2021 Abstract

Title2-2. YANG WonSeok ; ‘토픽 모델링(topic modeling)’을 활용한 <詩經> 텍스트 분석 방법 연구 A study on the The Book of Poetry-text analysis using topic modeling(利用主题模型<詩經>文本分析方法硏究)2021-10-04 11:08
Writer Level 10

‘토픽 모델링(topic modeling)’을 활용한 <詩經> 텍스트 분석 방법 연구 

A study on the The Book of Poetry-text analysis using topic modeling

利用主题模型<詩經>文本分析方法硏究


  • YANG WonSeok(楊沅錫, Departmen of Sino-Korean Literature, KOREA UNIVERSITY, South Korea)
  • JUNG SUNG HOON (鄭性勳, Department of Korean Language & Literature, National Mokpo UNIVERSITY, South Korea)  

This paper presents a method of analyzing the text of The Book of Poetry(詩經) using'topic modeling', and also using this method to analyze the commentary texts of researchers in the late Joseon dynasty and finding a certain trend here. The purpose.
As is known, The Book of Poetry is a collection of poetry songs that have been sung in the middle of the Huang River in China for about 500 years, from 西周初期 (around 1,100 BC) to 春秋中期 (around 600 BC).
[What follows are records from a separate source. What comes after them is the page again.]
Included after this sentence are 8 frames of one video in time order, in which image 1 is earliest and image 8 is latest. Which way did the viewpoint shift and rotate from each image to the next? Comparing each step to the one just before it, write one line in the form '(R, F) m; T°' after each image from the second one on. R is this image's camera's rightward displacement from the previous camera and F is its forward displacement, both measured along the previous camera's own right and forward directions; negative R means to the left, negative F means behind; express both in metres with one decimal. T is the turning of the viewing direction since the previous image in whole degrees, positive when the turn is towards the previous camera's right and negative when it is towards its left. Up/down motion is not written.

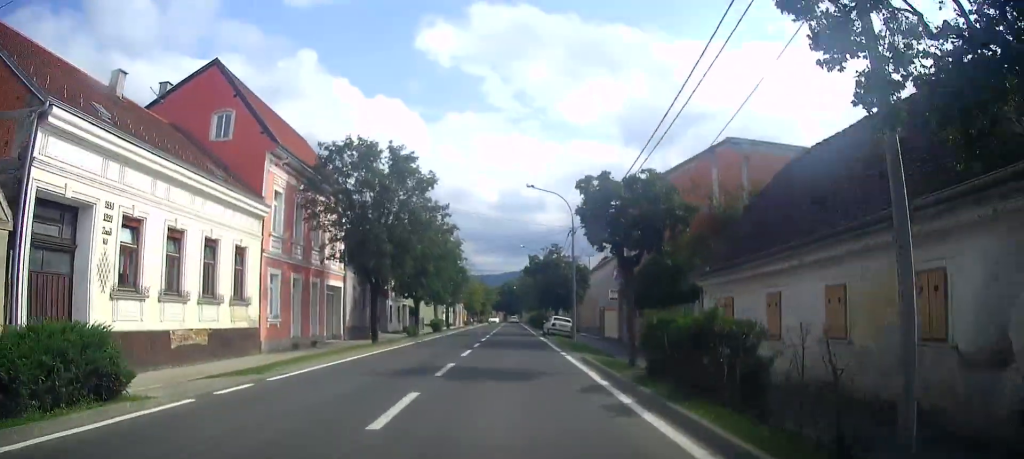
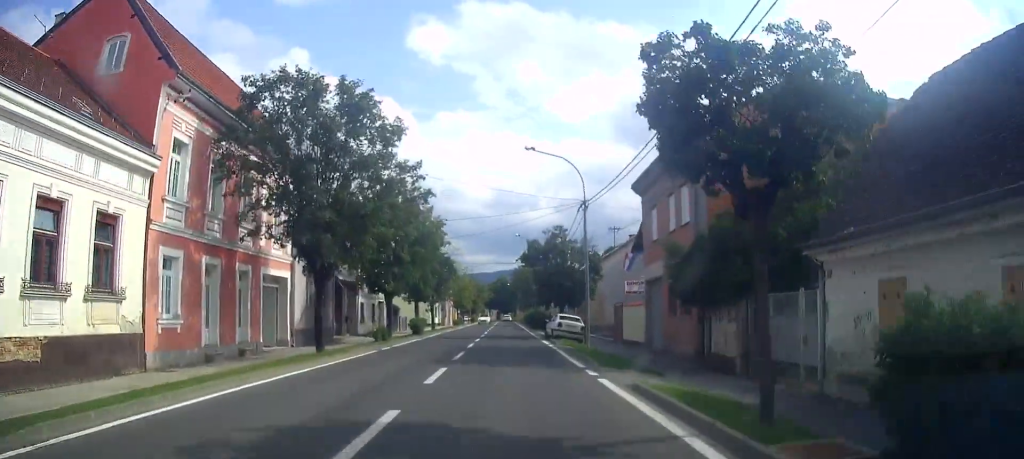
(+0.1, +8.0) m; 0°
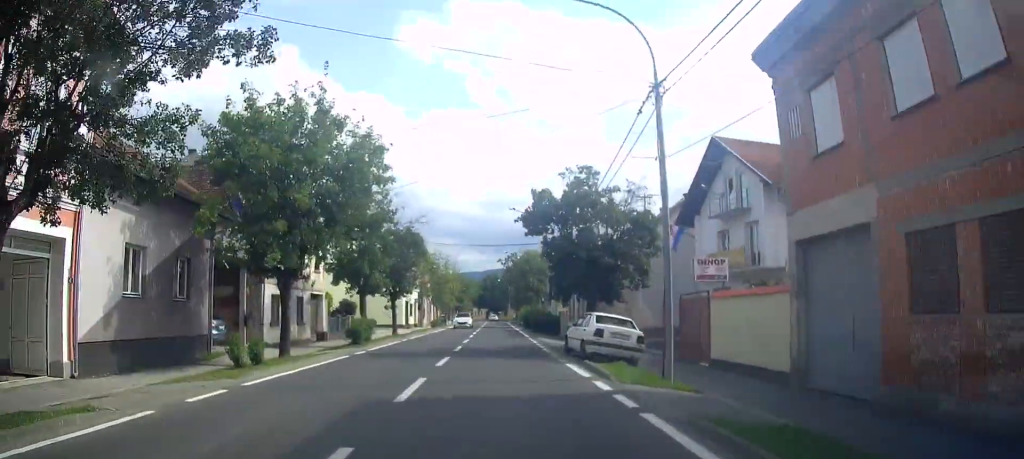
(+0.1, +14.7) m; 0°
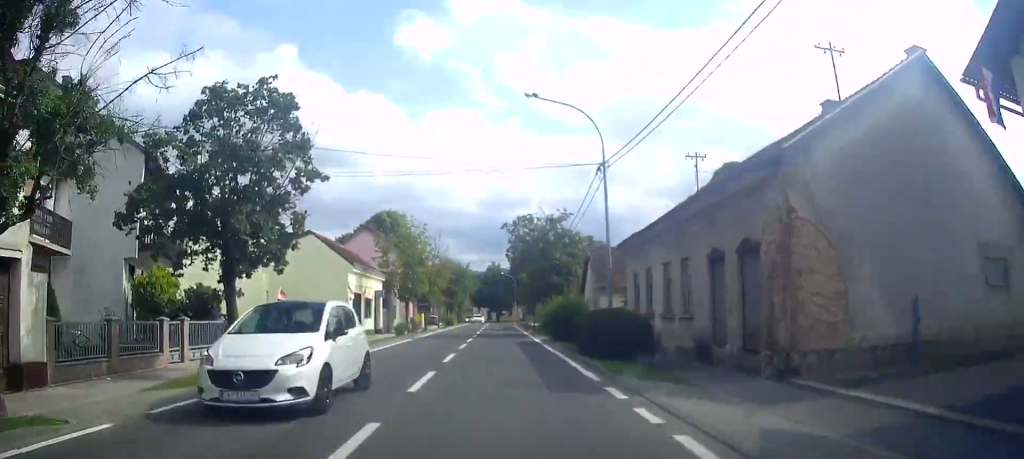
(+0.1, +23.5) m; +1°
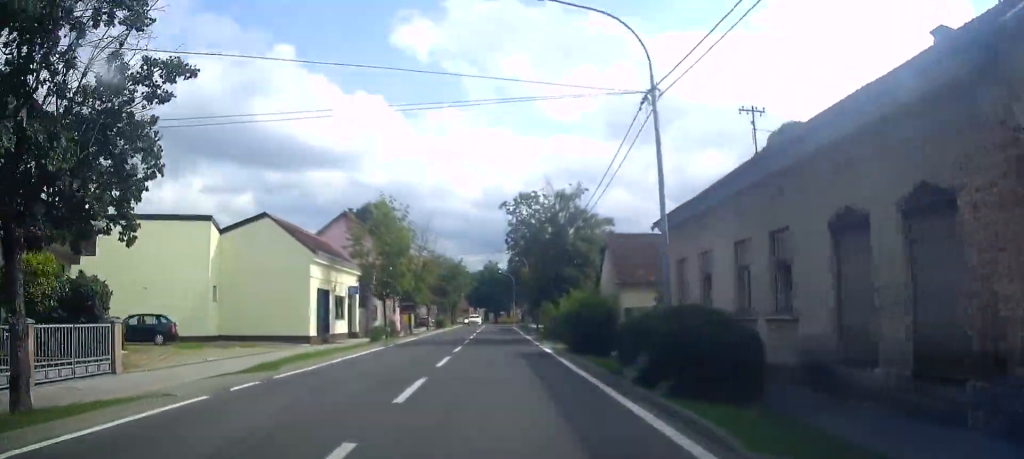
(0.0, +7.2) m; 0°
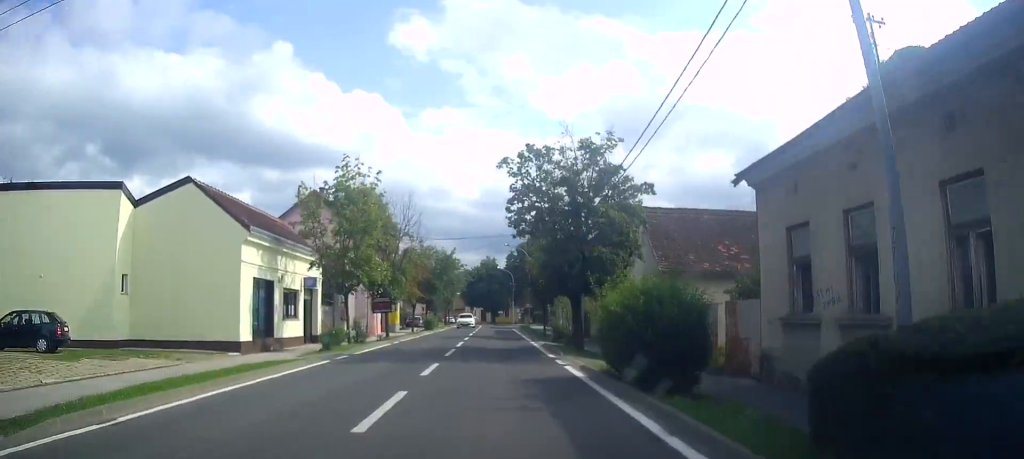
(0.0, +8.3) m; 0°
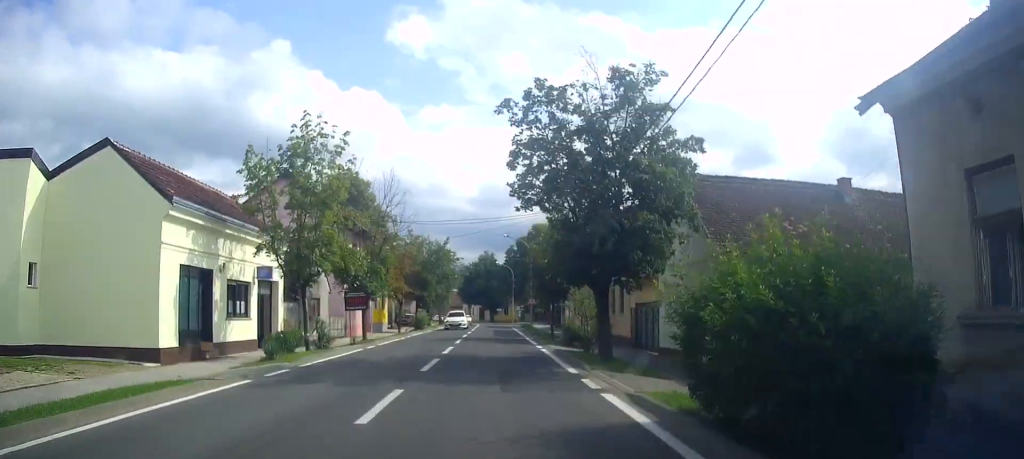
(0.0, +5.7) m; 0°
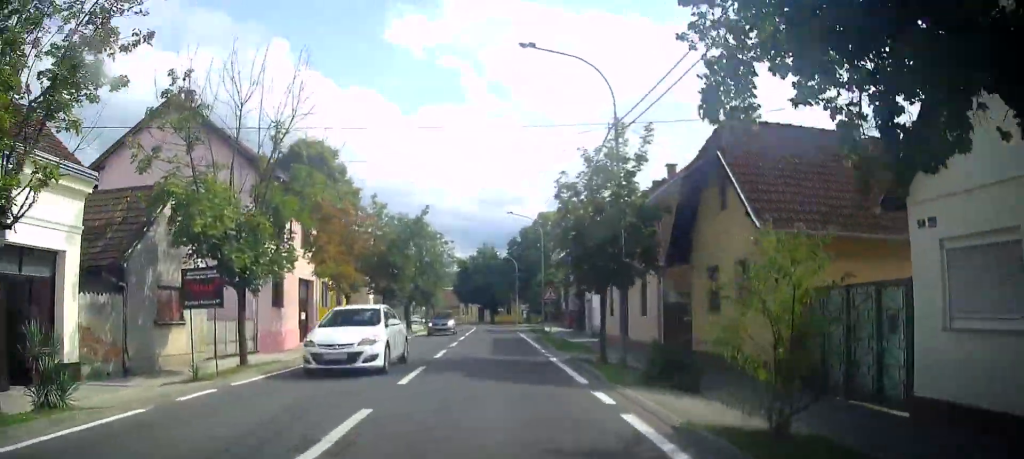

It is a collection of poetry and can be said to be a masterpiece of literary works of Chinese and other East Asian Chinese cultures.
Since the introduction to the Korean Peninsula, many scholars commented on it and commented on it, leaving various achievements. Research on this has been steadily conducted, but most of the studies have been conducted on the individual commentators and major controversies in poetry and poetry, and studies have not been conducted on all or a large number of commentators The Book of Poetry in the late Joseon(朝鮮) period. This is also due to the lack of manpower to read the text. In order to solve this problem, that is, to proceed with a study targeting all or a large number of commentaries of the late Joseon Dynasty, this paper intends to use a method called 'topic modeling'.
The 'topic model' is a field of machine learning and natural language processing, and is a statistical model for discovering abstract 'topic' in a set of documents. In other words, it is a text mining technique used to discover the hidden semantic structure of the text body, and accordingly it is also called the 'probabilistic topic model'. 'Topic modeling' refers to the use of such a topic model. It converts a document (natural language text) into DTM, receives LDA, DTM, and returns an output value as an association matrix, and the output matrix and detailed information It is a method of going through the process of confirmation.
Text analysis of The Book of Poetry texts using this topic modeling is the first research method used in the study of Chinese literature in Korea. In particular, it plays a role in adding quantitative analysis results to the results that have been previously qualitatively analyzed, and thus a more in-depth The Book of Poetry text research. It can be meaningful in that it allows you to perform.